Findings
MRI brain:
There is markedly abnormal FLAIR hyperintensity throughout the pons involving principally the lateral ventral and dorsal pons as well as the lateral pons sparing the extreme dorsal aspect of the pons and extending minimally into the left middle cerebellar peduncle and rostrally into the caudal aspect of the central midbrain. There is subtle enhancement within this region particularly on post contrast coronal imaging (which is not as well visualized on axial postcontrast imaging performed immediately previously which could be on the basis of enhancement kinetics and/or minimal difference in technique). There is a suggestion of subtle leptomeningeal enhancement over the ventral aspect of the medulla.
No evidence of enhancement within the mammillary bodies or thalami and findings would be atypical for Wernicke Encephalopathy in the setting of alcohol usage.

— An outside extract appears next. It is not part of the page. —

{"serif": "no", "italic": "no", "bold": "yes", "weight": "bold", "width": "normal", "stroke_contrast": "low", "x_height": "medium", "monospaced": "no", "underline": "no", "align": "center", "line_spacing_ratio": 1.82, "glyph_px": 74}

The region of involvement is not entirely typical of osmotic demyelination, there is no significant restricted diffusion and enhancement would also be atypical. Findings would not be typical for neoplasia.

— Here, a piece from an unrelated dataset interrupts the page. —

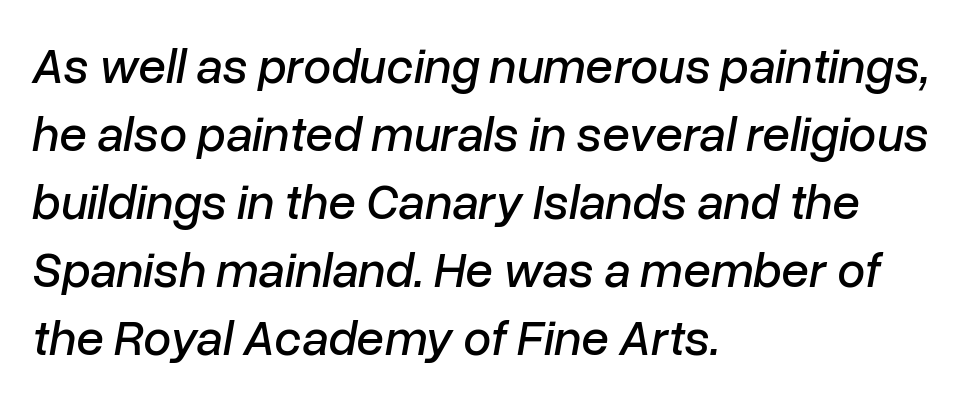
Successive baselines arrive at the customary interval. Note the varied advance widths — an 'i' is clearly narrower than an 'm'. The compositor pushed each line to the left boundary. Any mark beneath the type? The region is blank. If you drew a line through each stem, it would be angled.

Orbits normal in appearance. Large right maxillary sinus mucous retention cyst. Trace mucosal thickening of the left maxillary sinus and ethmoid air cells. Remaining paranasal sinuses are clear. Mastoid air cells clear.
Impressions
- Findings are most suggestive of infectious inflammatory processes with rhombencephalitis, favor Listeria. CSF sampling may be instructive if not already performed.
- Scattered foci of T2/FLAIR signal hyperintensities in the periventricular and subcortical white matter, which is nonspecific and may be related to prior infectious/inflammatory processes, microvascular ischemic disease, or migraines.